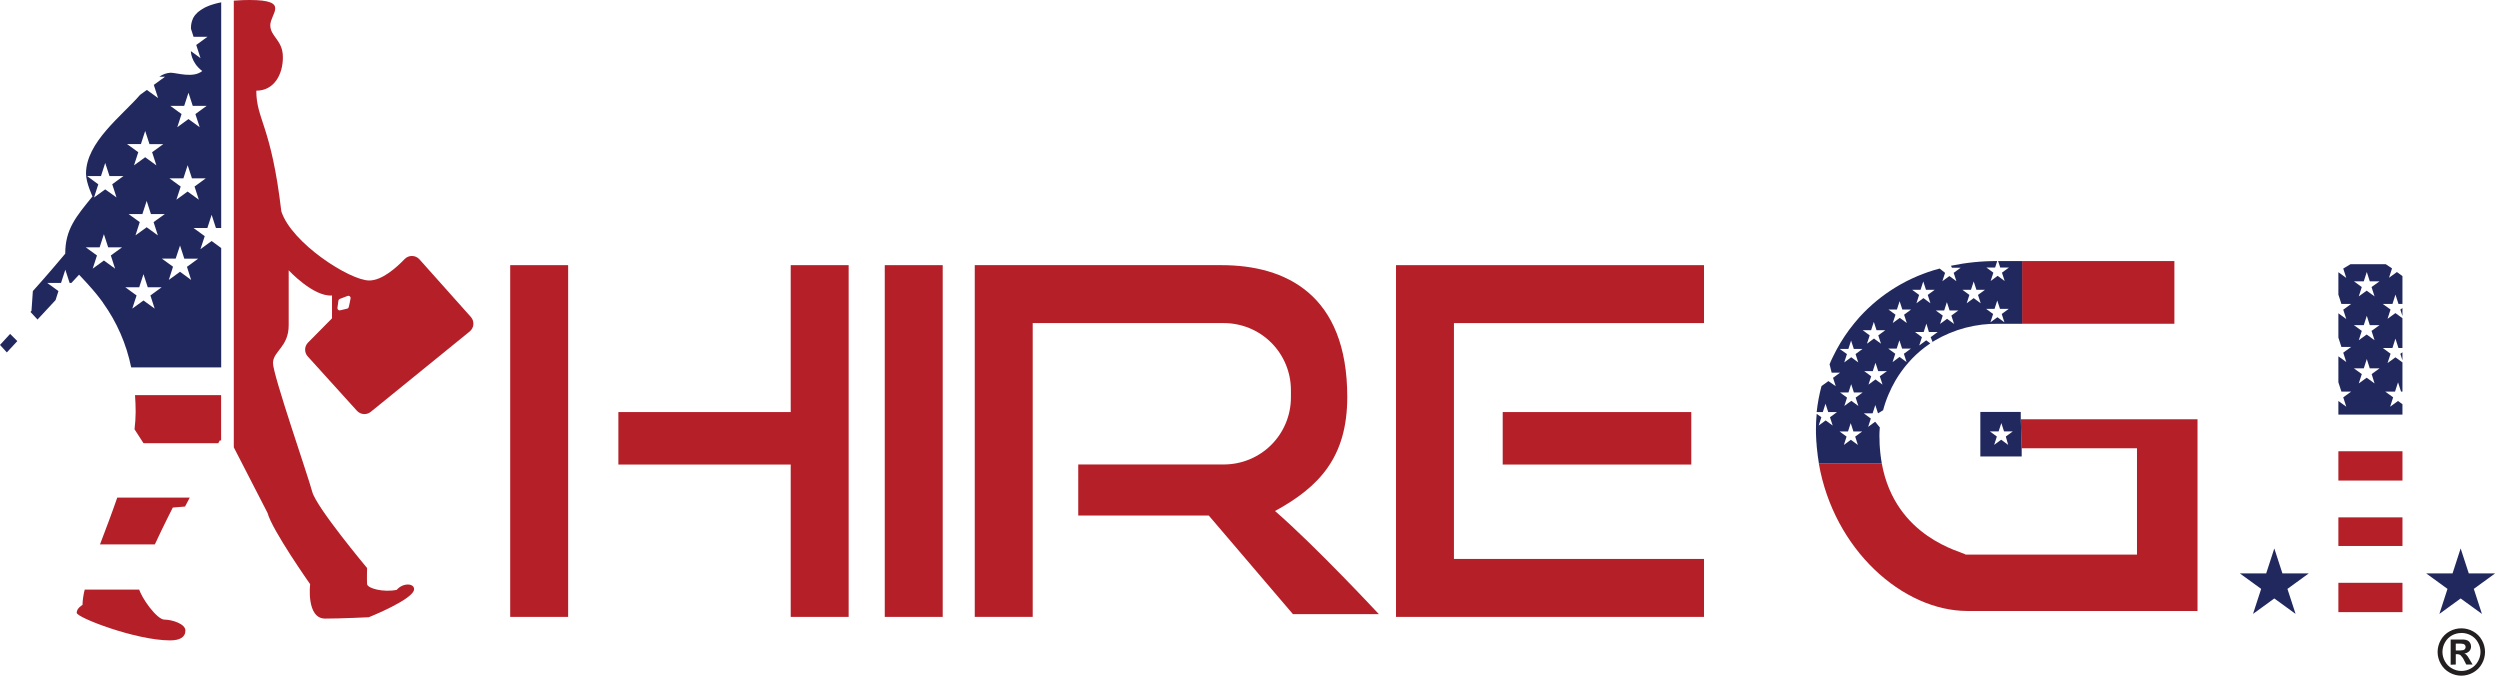 <svg width="148" height="40" viewBox="0 0 148 40" fill="none" xmlns="http://www.w3.org/2000/svg">
<g clip-path="url(#clip0_650:317)">
<path d="M111.261 25.813C111.261 25.977 111.261 26.137 111.273 26.293C111.266 26.137 111.261 25.977 111.261 25.813Z" fill="#B41F28"/>
<path d="M112.214 22.516C112.058 22.783 111.92 23.061 111.799 23.346C111.92 23.061 112.058 22.783 112.214 22.516Z" fill="#B41F28"/>
<path d="M112.563 21.981C112.438 22.156 112.321 22.334 112.214 22.516C112.321 22.334 112.438 22.156 112.563 21.981Z" fill="#B41F28"/>
<path d="M113.951 20.554C113.77 20.692 113.597 20.838 113.431 20.993C113.597 20.838 113.77 20.692 113.951 20.554Z" fill="#B41F28"/>
<path d="M111.284 26.495C111.284 26.575 111.295 26.656 111.304 26.735C111.299 26.656 111.292 26.575 111.284 26.495Z" fill="#B41F28"/>
<path d="M114.286 20.318C114.365 20.264 114.445 20.211 114.528 20.161C114.445 20.211 114.367 20.264 114.286 20.316V20.318Z" fill="#B41F28"/>
<path d="M111.335 26.991C111.335 27.039 111.348 27.087 111.355 27.136C111.348 27.087 111.341 27.039 111.335 26.991Z" fill="#B41F28"/>
<path d="M107.533 26.307C107.523 26.18 107.514 26.051 107.507 25.921C107.512 26.051 107.523 26.18 107.533 26.307Z" fill="#B41F28"/>
<path d="M112.563 21.981C112.82 21.625 113.111 21.294 113.431 20.993C113.111 21.294 112.82 21.625 112.563 21.981Z" fill="#B41F28"/>
<path d="M119.682 26.539H126.51V32.834H116.372C116.203 32.664 112.199 31.866 111.4 27.427H107.672C108.556 32.538 112.643 36.17 116.48 36.17H130.093V24.82H119.628L119.682 26.539Z" fill="#B41F28"/>
<path d="M113.951 20.554C114.054 20.476 114.16 20.401 114.27 20.327C114.16 20.401 114.052 20.476 113.951 20.554Z" fill="#B41F28"/>
<path d="M107.595 26.917C107.575 26.757 107.557 26.596 107.541 26.434C107.557 26.596 107.575 26.757 107.595 26.917Z" fill="#B41F28"/>
<path d="M107.672 27.427C107.644 27.262 107.619 27.097 107.597 26.931C107.618 27.097 107.644 27.267 107.672 27.427Z" fill="#B41F28"/>
<path d="M128.724 19.167V15.455H119.708V19.167H128.724Z" fill="#B41F28"/>
<path d="M111.4 27.427C111.384 27.332 111.369 27.234 111.355 27.136C111.355 27.087 111.341 27.039 111.335 26.991C111.324 26.906 111.315 26.822 111.306 26.735C111.298 26.647 111.292 26.575 111.287 26.495C111.281 26.415 111.277 26.357 111.273 26.293C111.273 26.137 111.261 25.977 111.261 25.813C111.261 25.648 111.269 25.476 111.285 25.302L111.009 24.966L110.593 25.271L110.754 24.777L110.339 24.471H110.858L111.018 23.977L111.179 24.471L111.475 24.287V24.304C111.56 23.977 111.669 23.658 111.802 23.348C111.922 23.062 112.061 22.785 112.217 22.517C112.324 22.336 112.441 22.157 112.566 21.983C112.823 21.626 113.113 21.295 113.434 20.994C113.6 20.84 113.773 20.693 113.954 20.556C114.056 20.477 114.163 20.402 114.272 20.329L114.033 20.147L113.618 20.453L113.778 19.959L113.363 19.653H113.882L114.043 19.159L114.191 19.655H114.711L114.296 19.961L114.407 20.237L114.292 20.316C114.372 20.264 114.451 20.211 114.534 20.161C115.678 19.488 116.987 19.144 118.314 19.168H119.713V15.455H118.288L118.412 15.836H118.931L118.516 16.142L118.677 16.636L118.261 16.33L117.846 16.636L118.007 16.142L117.592 15.836H118.112L118.235 15.455C117.315 15.452 116.398 15.545 115.497 15.732L115.554 15.848H116.073L115.658 16.153L115.819 16.647L115.403 16.342L114.988 16.647L115.149 16.153L114.827 15.898C113.002 16.38 111.354 17.378 110.083 18.773C109.865 19.015 109.667 19.264 109.472 19.522C109.099 20.028 108.775 20.568 108.503 21.136C108.436 21.274 108.365 21.421 108.311 21.565L108.434 22.063H108.931L108.516 22.368L108.676 22.862L108.239 22.561L107.833 22.856C107.698 23.361 107.602 23.876 107.547 24.395H107.91L108.07 23.901L108.231 24.395H108.75L108.335 24.7L108.495 25.194L108.08 24.888L107.665 25.194L107.825 24.7L107.548 24.5C107.519 24.798 107.504 25.093 107.504 25.382C107.504 25.564 107.504 25.742 107.516 25.921C107.516 26.051 107.533 26.18 107.543 26.307C107.543 26.346 107.543 26.383 107.55 26.422C107.55 26.426 107.55 26.43 107.55 26.434C107.565 26.596 107.583 26.757 107.604 26.917C107.603 26.922 107.603 26.927 107.604 26.931C107.626 27.097 107.651 27.262 107.678 27.427H111.407H111.4ZM118.077 18.284L118.238 17.79L118.399 18.284H118.918L118.502 18.589L118.663 19.083L118.248 18.779L117.832 19.083L117.993 18.589L117.578 18.284H118.077ZM116.682 17.155L116.843 16.661L117.003 17.155H117.513L117.097 17.459L117.258 17.954L116.843 17.648L116.428 17.954L116.588 17.459L116.173 17.155H116.682ZM115.096 18.378L115.255 17.884L115.416 18.378H115.936L115.521 18.683L115.681 19.177L115.266 18.873L114.851 19.177L115.012 18.683L114.596 18.378H115.096ZM113.697 17.155L113.857 16.661L114.018 17.155H114.537L114.122 17.459L114.282 17.954L113.867 17.648L113.452 17.954L113.612 17.459L113.197 17.155H113.697ZM112.297 18.325L112.458 17.83L112.618 18.325H113.137L112.722 18.63L112.883 19.123L112.468 18.819L112.052 19.123L112.213 18.63L111.798 18.325H112.297ZM112.283 20.639L112.444 20.145L112.605 20.639H113.125L112.71 20.943L112.87 21.437L112.455 21.131L112.04 21.437L112.2 20.943L111.785 20.639H112.283ZM111.284 22.275L111.445 22.769L111.029 22.463L110.614 22.769L110.775 22.275L110.359 21.97H110.869L111.029 21.476L111.19 21.97H111.709L111.284 22.275ZM110.769 19.548L110.93 19.055L111.09 19.548H111.609L111.194 19.854L111.355 20.348L110.939 20.042L110.524 20.348L110.685 19.854L110.27 19.548H110.769ZM108.905 20.655H109.424L109.584 20.161L109.745 20.655H110.264L109.849 20.961L110.009 21.455L109.594 21.149L109.179 21.455L109.339 20.961L108.905 20.655ZM109.429 23.234L109.59 22.74L109.75 23.234H110.27L109.854 23.54L110.015 24.034L109.6 23.728L109.184 24.034L109.345 23.54L108.93 23.234H109.429ZM109.402 25.543L109.562 25.049L109.723 25.543H110.242L109.827 25.847L109.987 26.341L109.572 26.035L109.157 26.341L109.317 25.847L108.902 25.543H109.402Z" fill="#20285D"/>
<path d="M11.232 29.459H6.941C6.611 30.419 6.249 31.358 5.921 32.227H9.167C9.69 31.101 10.23 30.047 10.23 30.047L10.955 29.987" fill="#B41F28"/>
<path d="M5.26 16.896C5.24 16.873 5.22 16.85 5.2 16.828C5.225 16.85 5.246 16.873 5.26 16.896Z" fill="#B41F28"/>
<path d="M7.993 23.392C8.015 23.71 8.031 24.037 8.031 24.38C8.029 24.726 8.006 25.071 7.964 25.414L8.494 26.236H12.924L13.008 26.076H13.09V23.392H7.993Z" fill="#B41F28"/>
<path d="M15.839 30.366C16.102 31.374 18.36 34.583 18.36 34.583C18.36 34.583 18.118 36.62 19.249 36.62C20.197 36.62 21.831 36.54 21.831 36.54C21.831 36.54 24.514 35.471 24.514 34.879C24.514 34.515 23.849 34.495 23.486 34.919C22.719 35.081 21.75 34.839 21.731 34.576C21.712 34.313 21.731 33.627 21.731 33.627C21.731 33.627 18.724 30.036 18.482 29.108C18.24 28.181 16.161 22.207 16.161 21.496C16.161 20.784 17.09 20.547 17.09 19.256V16.001C17.09 16.001 18.547 17.578 19.655 17.493V18.845L18.236 20.28C18.128 20.389 18.067 20.534 18.063 20.686C18.06 20.839 18.115 20.987 18.218 21.1L21.131 24.318C21.234 24.431 21.376 24.501 21.528 24.512C21.68 24.524 21.831 24.477 21.95 24.38L27.806 19.623C27.868 19.572 27.92 19.509 27.957 19.438C27.995 19.366 28.018 19.288 28.024 19.208C28.03 19.127 28.02 19.046 27.994 18.97C27.969 18.894 27.927 18.823 27.874 18.763L24.828 15.35C24.773 15.289 24.706 15.24 24.631 15.206C24.556 15.172 24.475 15.154 24.392 15.153C24.31 15.152 24.228 15.168 24.152 15.2C24.076 15.232 24.008 15.279 23.951 15.339C23.454 15.858 22.61 16.605 21.86 16.605C20.709 16.605 17.259 14.391 16.654 12.51C16.056 7.405 15.173 7.083 15.173 5.368C16.222 5.368 16.747 4.418 16.747 3.39C16.747 2.361 16.001 2.179 16.001 1.493C16.001 0.808 17.191 0 14.769 0C14.539 0 14.215 0.007 13.841 0.039V26.483L15.839 30.366ZM20.646 18.178C20.64 18.201 20.628 18.222 20.611 18.239C20.595 18.256 20.573 18.268 20.55 18.273L20.135 18.372C20.115 18.376 20.094 18.376 20.074 18.371C20.054 18.366 20.035 18.357 20.02 18.343C20.004 18.329 19.992 18.312 19.985 18.293C19.977 18.274 19.974 18.254 19.976 18.233L20.034 17.799C20.038 17.776 20.048 17.754 20.062 17.736C20.077 17.718 20.096 17.704 20.117 17.695L20.581 17.518C20.602 17.51 20.624 17.508 20.646 17.511C20.669 17.515 20.689 17.524 20.707 17.538C20.724 17.552 20.738 17.57 20.747 17.59C20.755 17.611 20.758 17.634 20.755 17.656C20.727 17.834 20.675 18.06 20.646 18.176V18.178Z" fill="#B41F28"/>
<path d="M7.105 28.968L7.116 28.931C7.111 28.943 7.108 28.956 7.105 28.968Z" fill="#B41F28"/>
<path d="M5.056 16.663L4.972 16.574L5.056 16.663Z" fill="#B41F28"/>
<path d="M5.015 34.905C4.937 35.202 4.893 35.506 4.883 35.813C4.883 35.813 4.54 35.996 4.54 36.278C4.54 36.56 8.05 37.911 10.068 37.911C10.633 37.911 10.976 37.73 10.976 37.327C10.976 36.925 10.169 36.681 9.73 36.681C9.292 36.681 8.359 35.389 8.218 34.825C8.224 34.852 8.233 34.879 8.242 34.905H5.015Z" fill="#B41F28"/>
<path d="M142.226 34.502H138.432V36.238H142.226V34.502Z" fill="#B41F28"/>
<path d="M142.226 26.714H138.432V28.449H142.226V26.714Z" fill="#B41F28"/>
<path d="M142.226 30.628H138.432V32.322H142.226V30.628Z" fill="#B41F28"/>
<path d="M139.148 15.641L138.72 15.899L138.899 16.453L138.432 16.114V17.44L138.611 17.994H139.187L138.72 18.333L138.899 18.887L138.432 18.547V19.985L138.611 20.539H139.187L138.72 20.878L138.899 21.432L138.432 21.093V22.631L138.611 23.184H139.187L138.72 23.523L138.899 24.077L138.432 23.738V24.545H142.225V23.929L141.963 23.738L141.496 24.077L141.674 23.523L141.208 23.184H141.785L141.963 22.631L142.142 23.184H142.225V21.454L141.81 21.154L141.343 21.493L141.522 20.939L141.055 20.6H141.633L141.81 20.046L141.988 20.6H142.224V18.837L141.808 18.536L141.342 18.875L141.52 18.322L141.057 17.994H141.634L141.811 17.44L141.99 17.994H142.225V16.344L141.897 16.104L141.429 16.444L141.608 15.89L141.237 15.641H139.148ZM140.574 22.7L140.107 22.361L139.639 22.7L139.818 22.146L139.352 21.807H139.936L140.114 21.253L140.291 21.807H140.869L140.402 22.146L140.574 22.7ZM140.395 19.588L140.574 20.142L140.107 19.803L139.639 20.142L139.818 19.588L139.352 19.249H139.936L140.114 18.695L140.291 19.249H140.869L140.395 19.588ZM140.395 16.993L140.574 17.547L140.107 17.207L139.639 17.547L139.818 16.993L139.352 16.654H139.936L140.114 16.1L140.291 16.654H140.869L140.395 16.993Z" fill="#20285D"/>
<path d="M142.225 21.331V20.855L142.1 20.946L142.225 21.331Z" fill="#20285D"/>
<path d="M142.225 18.712V18.236L142.1 18.327L142.225 18.712Z" fill="#20285D"/>
<path d="M135.12 33.947L134.639 32.468L134.158 33.947H132.601L133.861 34.862L133.379 36.343L134.639 35.428L135.898 36.343L135.416 34.862L136.676 33.947H135.12Z" fill="#20285D"/>
<path d="M144.412 36.343L145.67 35.428L146.93 36.343L146.449 34.862L147.708 33.947H146.152L145.67 32.468L145.19 33.947H143.633L144.892 34.862L144.412 36.343Z" fill="#20285D"/>
<path d="M33.634 15.697H30.204V36.52H33.634V15.697Z" fill="#B41F28"/>
<path d="M46.81 24.394H36.608V27.501H46.81V36.52H50.24V15.697H46.81V24.394Z" fill="#B41F28"/>
<path d="M55.808 15.697H52.378V36.52H55.808V15.697Z" fill="#B41F28"/>
<path d="M83.417 15.697H82.644V36.52H83.417H86.073H100.877V33.089H86.073V19.127H100.877V15.697H86.073H83.417Z" fill="#B41F28"/>
<path d="M100.124 24.394H88.96V27.501H100.124V24.394Z" fill="#B41F28"/>
<path d="M75.481 30.252C78.09 28.826 79.758 27.078 79.758 23.498C79.758 17.419 76.1 15.697 72.307 15.697H57.706V36.52H61.136V19.127H72.458C73.509 19.128 74.518 19.546 75.261 20.289C76.004 21.033 76.422 22.041 76.422 23.093V23.53C76.422 24.582 76.004 25.59 75.261 26.334C74.518 27.077 73.509 27.495 72.458 27.496H63.832V30.52H71.56L76.543 36.358H81.628C81.628 36.358 77.927 32.376 75.481 30.252Z" fill="#B41F28"/>
<path d="M4.681 16.262L4.972 16.574L5.056 16.664L5.206 16.828C5.225 16.85 5.246 16.873 5.265 16.896C5.561 17.219 5.838 17.559 6.096 17.913V17.922C6.917 19.065 7.487 20.37 7.766 21.75H13.095V14.683L12.529 14.268L11.866 14.751L12.12 13.98L11.457 13.498H12.276L12.529 12.717L12.783 13.498H13.095V0.138C13.023 0.152 12.953 0.167 12.883 0.184L12.789 0.208C12.735 0.223 12.681 0.237 12.629 0.253C12.576 0.27 12.513 0.289 12.456 0.309L12.357 0.346C12.306 0.365 12.257 0.388 12.208 0.41L12.137 0.442C12.072 0.475 12.008 0.512 11.947 0.554L11.887 0.591C11.833 0.627 11.782 0.665 11.733 0.707L11.706 0.728C11.652 0.776 11.603 0.829 11.557 0.884L11.524 0.927C11.483 0.984 11.447 1.044 11.416 1.107C11.416 1.111 11.416 1.116 11.416 1.12C11.385 1.186 11.361 1.256 11.343 1.327C11.343 1.345 11.335 1.363 11.332 1.383C11.315 1.461 11.306 1.541 11.306 1.621C11.306 1.647 11.306 1.676 11.306 1.705L11.459 2.18H12.28L11.617 2.662L11.87 3.442L11.299 3.027C11.299 3.027 11.29 3.686 11.973 4.204C11.429 4.648 10.46 4.305 10.097 4.305C9.857 4.319 9.625 4.402 9.43 4.544H9.768L9.105 5.026L9.358 5.805L8.694 5.323L8.294 5.614C7.215 6.86 5.092 8.421 5.092 10.277C5.092 10.821 5.476 11.628 5.476 11.628C4.507 12.819 3.862 13.566 3.862 15.018C2.833 16.25 1.945 17.232 1.945 17.232L1.864 18.402L1.805 18.467L2.22 18.916L3.289 17.767L3.46 17.231L2.793 16.748H3.614L3.867 15.967L4.121 16.748H4.229L4.681 16.262ZM10.904 6.269L11.158 5.489L11.411 6.269H12.232L11.567 6.752L11.822 7.531L11.158 7.049L10.495 7.531L10.748 6.752L10.085 6.269H10.904ZM10.857 10.559L11.11 9.78L11.364 10.559H12.18L11.517 11.043L11.771 11.822L11.106 11.34L10.443 11.822L10.697 11.043L10.034 10.559H10.857ZM9.346 13.935L8.683 13.454L8.02 13.935L8.273 13.149L7.613 12.673H8.429L8.683 11.893L8.936 12.673H9.757L9.092 13.149L9.346 13.935ZM8.342 8.529L8.595 7.751L8.849 8.532H9.668L9.005 9.011L9.258 9.791L8.595 9.308L7.932 9.791L8.186 9.011L7.521 8.529H8.342ZM5.159 10.425H5.978L6.229 9.646L6.482 10.425H7.308L6.644 10.907L6.897 11.688L6.229 11.211L5.566 11.693L5.819 10.912L5.159 10.425ZM5.898 14.643L6.151 13.862L6.404 14.643H7.225L6.561 15.124L6.814 15.905L6.151 15.422L5.488 15.905L5.741 15.124L5.077 14.643H5.898ZM9.157 18.27L8.494 17.789L7.831 18.27L8.085 17.491L7.42 17.008H8.241L8.494 16.229L8.748 17.008H9.569L8.904 17.491L9.157 18.27ZM11.317 16.576L10.658 16.088L9.993 16.571L10.243 15.79L9.58 15.309H10.4L10.658 14.533L10.911 15.314H11.73L11.068 15.796L11.317 16.576Z" fill="#20285D"/>
<path d="M1.026 20.193L0.599 19.767L0 20.419L0.404 20.863" fill="#20285D"/>
<path d="M119.628 24.387H117.236V27.024H119.684V26.539L119.63 24.817L119.628 24.387ZM118.884 26.337L118.469 26.031L118.054 26.337L118.214 25.843L117.799 25.539H118.318L118.479 25.044L118.639 25.539H119.158L118.743 25.843L118.884 26.337Z" fill="#20285D"/>
<path d="M145.714 37.197C145.957 37.197 146.195 37.259 146.406 37.377C146.626 37.496 146.806 37.675 146.927 37.893C147.05 38.107 147.114 38.349 147.114 38.595C147.114 38.841 147.05 39.083 146.927 39.297C146.806 39.515 146.626 39.694 146.408 39.815C146.195 39.936 145.954 40 145.709 40C145.465 40 145.224 39.936 145.011 39.815C144.793 39.694 144.614 39.515 144.494 39.297C144.371 39.083 144.306 38.841 144.306 38.595C144.306 38.349 144.371 38.107 144.494 37.893C144.614 37.675 144.795 37.496 145.014 37.377C145.228 37.258 145.469 37.196 145.714 37.197ZM145.714 37.474C145.521 37.473 145.331 37.52 145.161 37.612C144.986 37.709 144.842 37.853 144.745 38.028C144.646 38.2 144.594 38.395 144.593 38.594C144.593 38.791 144.645 38.985 144.743 39.156C144.839 39.33 144.983 39.474 145.158 39.571C145.328 39.669 145.522 39.721 145.718 39.721C145.915 39.721 146.108 39.669 146.279 39.571C146.454 39.474 146.597 39.33 146.694 39.156C146.793 38.985 146.845 38.791 146.845 38.594C146.845 38.395 146.792 38.2 146.692 38.028C146.596 37.852 146.452 37.708 146.276 37.612C146.104 37.519 145.911 37.47 145.716 37.471L145.714 37.474ZM145.079 39.352V37.861H145.382C145.659 37.861 145.824 37.861 145.857 37.861C145.938 37.865 146.018 37.885 146.091 37.921C146.149 37.954 146.196 38.002 146.229 38.059C146.267 38.124 146.287 38.198 146.286 38.273C146.288 38.375 146.25 38.474 146.181 38.549C146.102 38.629 145.997 38.678 145.885 38.688C145.922 38.701 145.958 38.719 145.99 38.743C146.026 38.778 146.06 38.817 146.089 38.858C146.1 38.872 146.138 38.933 146.2 39.039L146.376 39.34H146.002L145.878 39.097C145.828 38.983 145.757 38.88 145.669 38.792C145.608 38.747 145.535 38.725 145.46 38.728H145.382V39.34L145.079 39.352ZM145.382 38.507H145.504C145.613 38.512 145.722 38.505 145.829 38.486C145.869 38.474 145.905 38.449 145.929 38.415C145.952 38.382 145.964 38.343 145.964 38.303C145.964 38.263 145.952 38.224 145.929 38.191C145.903 38.157 145.867 38.133 145.826 38.12C145.72 38.102 145.611 38.094 145.503 38.1H145.381L145.382 38.507Z" fill="#231F20"/>
</g>
<defs>
<clipPath id="clip0_650:317">
<rect width="147.708" height="40" fill="white"/>
</clipPath>
</defs>
</svg>
+ + + + +
Pictures stay out. Print the data exactly, from its first line through the line containing "26.539H126.51V32.834H116.372C116.203 32.664 112.199".

 <svg width="148" height="40" viewBox="0 0 148 40" fill="none" xmlns="http://www.w3.org/2000/svg">
<g clip-path="url(#clip0_650:317)">
<path d="M111.261 25.813C111.261 25.977 111.261 26.137 111.273 26.293C111.266 26.137 111.261 25.977 111.261 25.813Z" fill="#B41F28"/>
<path d="M112.214 22.516C112.058 22.783 111.92 23.061 111.799 23.346C111.92 23.061 112.058 22.783 112.214 22.516Z" fill="#B41F28"/>
<path d="M112.563 21.981C112.438 22.156 112.321 22.334 112.214 22.516C112.321 22.334 112.438 22.156 112.563 21.981Z" fill="#B41F28"/>
<path d="M113.951 20.554C113.77 20.692 113.597 20.838 113.431 20.993C113.597 20.838 113.77 20.692 113.951 20.554Z" fill="#B41F28"/>
<path d="M111.284 26.495C111.284 26.575 111.295 26.656 111.304 26.735C111.299 26.656 111.292 26.575 111.284 26.495Z" fill="#B41F28"/>
<path d="M114.286 20.318C114.365 20.264 114.445 20.211 114.528 20.161C114.445 20.211 114.367 20.264 114.286 20.316V20.318Z" fill="#B41F28"/>
<path d="M111.335 26.991C111.335 27.039 111.348 27.087 111.355 27.136C111.348 27.087 111.341 27.039 111.335 26.991Z" fill="#B41F28"/>
<path d="M107.533 26.307C107.523 26.18 107.514 26.051 107.507 25.921C107.512 26.051 107.523 26.18 107.533 26.307Z" fill="#B41F28"/>
<path d="M112.563 21.981C112.82 21.625 113.111 21.294 113.431 20.993C113.111 21.294 112.82 21.625 112.563 21.981Z" fill="#B41F28"/>
<path d="M119.682 26.539H126.51V32.834H116.372C116.203 32.664 112.199 31.866 111.4 27.427H107.672C108.556 32.538 112.643 36.17 116.48 36.17H130.093V24.82H119.628L119.682 26.539Z" fill="#B41F28"/>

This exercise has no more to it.